In BioDelivery Sciences International, Inc. v. Aquestive Therapeutics, Inc., Nos. 19-1643, 19-1644, 19-1645 (Fed. Cir. Aug. 29, 2019), the Federal Circuit granted Aquestive Therapeutics, Inc.’s (“Aquestive”) motion to dismiss BioDelivery Sciences International, Inc.’s (“BDSI”) appeals of the PTAB’s decision, on remand from the Federal Circuit, to decline instituting IPRs altogether on the asserted claims in BDSI’s petitions, even though these IPRs had been previously partially instituted.

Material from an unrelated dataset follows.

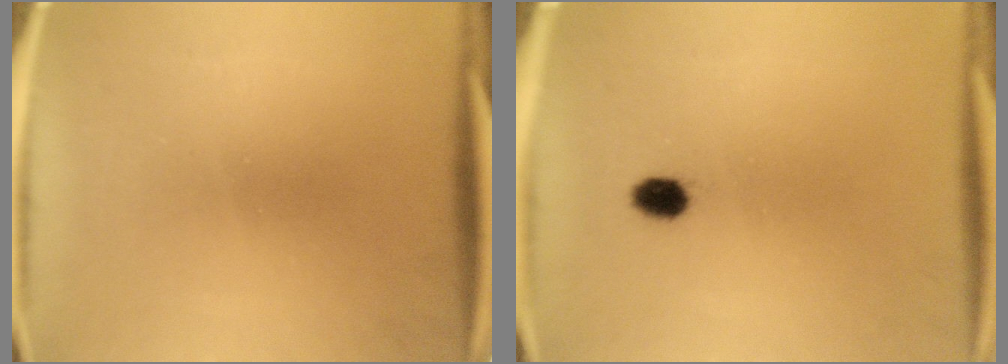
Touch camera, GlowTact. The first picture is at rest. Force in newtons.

Referencing Cuozzo Speed Techs., LLC v. Lee, the Court determined that BDSI’s appeals merely challenged the Board’s determination not to institute review, something the Board has discretion to do even upon a showing that there is “a reasonable likelihood of success with respect to at least 1 claim challenged” in the petition. 136 S. Ct. 2131, 2142 (2016) (“Where a patent holder merely challenges the Patent Office’s ‘determination that the information presented in the petition . . . shows that there is a reasonable likelihood’ of success ‘with respect to at least 1 of the claims challenged,’ . . . § 314(d) bars judicial review.”) In arriving at this conclusion, the Court reasoned that 35 U.S.C. § 314(d) is not limited to an initial determination to the exclusion of a determination on reconsideration. The Court noted that here, the Board merely corrected its partial institution errors by revisiting its institution decision after SAS Institute, Inc. v. Iancu was decided, and it properly exercised its discretion not to institute review at all. 138 S. Ct. 1348 (2018).

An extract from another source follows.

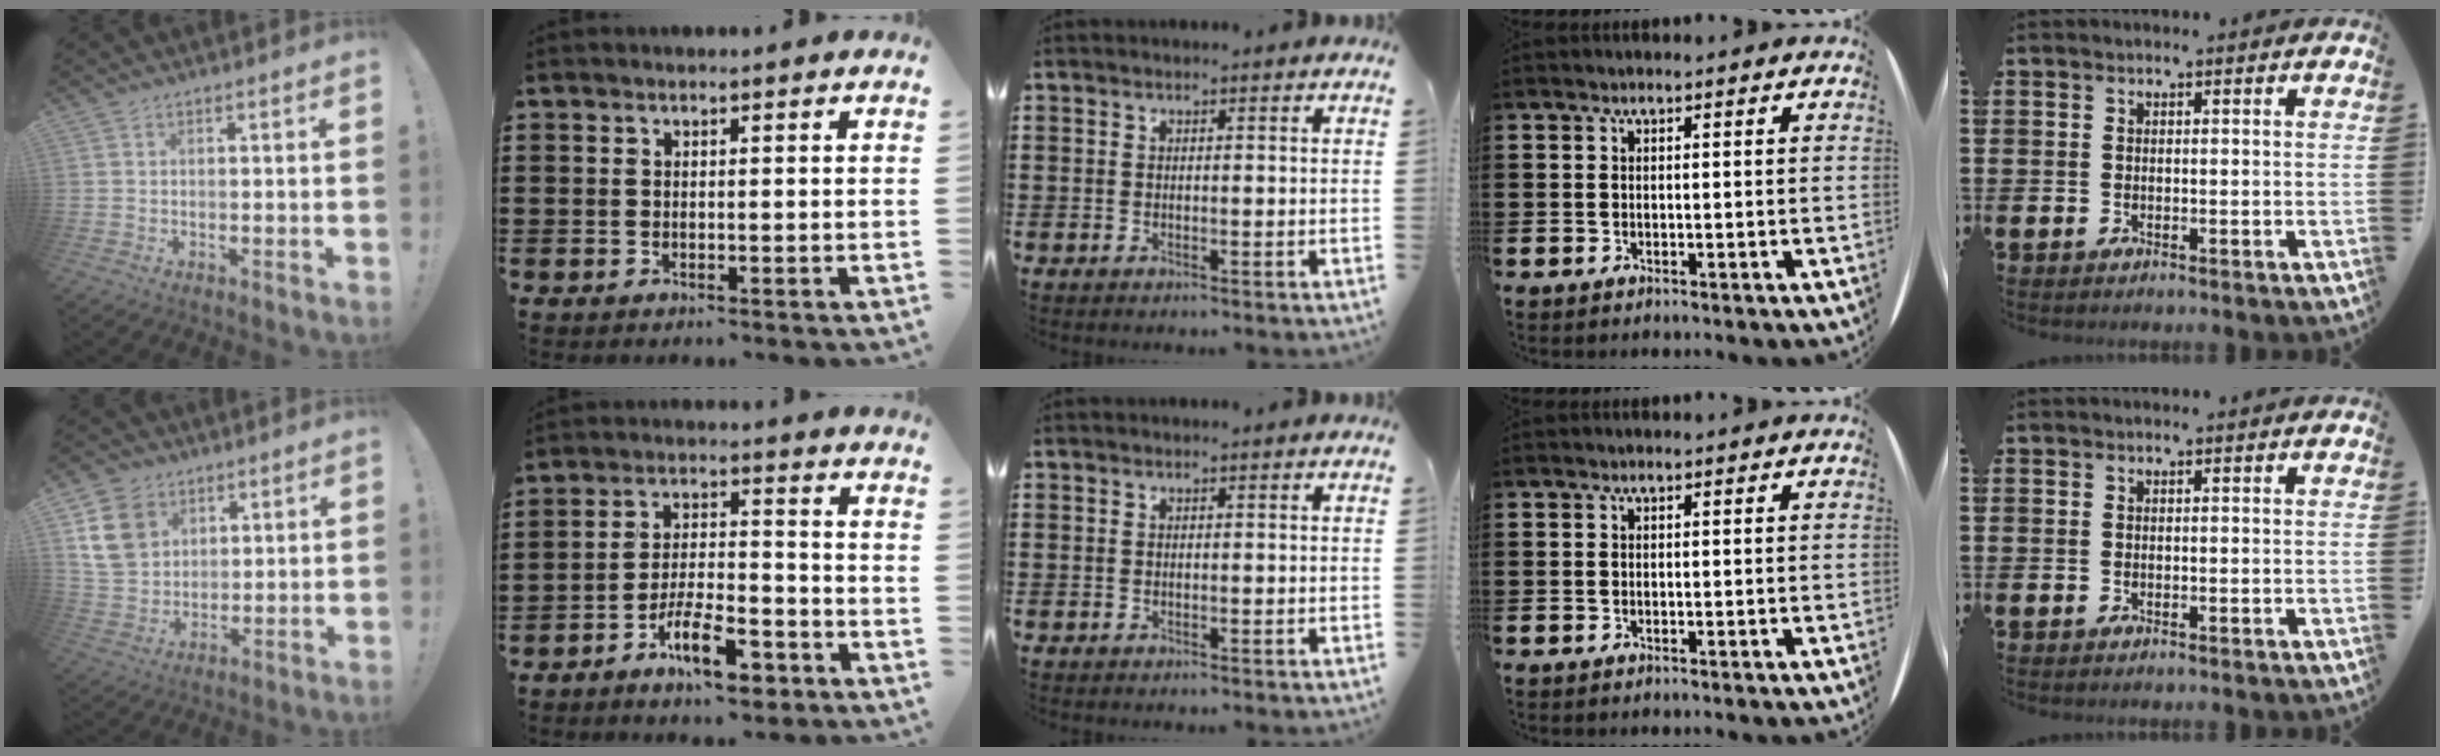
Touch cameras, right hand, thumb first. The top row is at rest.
{"thumb": {"total": 12.3, "force": [5.5, 9.7, 5.3], "torque": [-0.088, -0.019, 0.112]}, "index": {"total": 9.5, "force": [-5.9, 3.0, 6.7], "torque": [-0.124, 0.014, -0.107]}}

Judge Newman dissented, arguing that the PTAB failed to comply with the Court’s Remand Order instructing the Board to implement the Supreme Court’s decision in SAS, which was “that SAS is entitled to a final written decision addressing all of the claims it has challenged.” 138 S. Ct. at 1359-60. Judge Newman argued that BDSI was entitled to such a decision.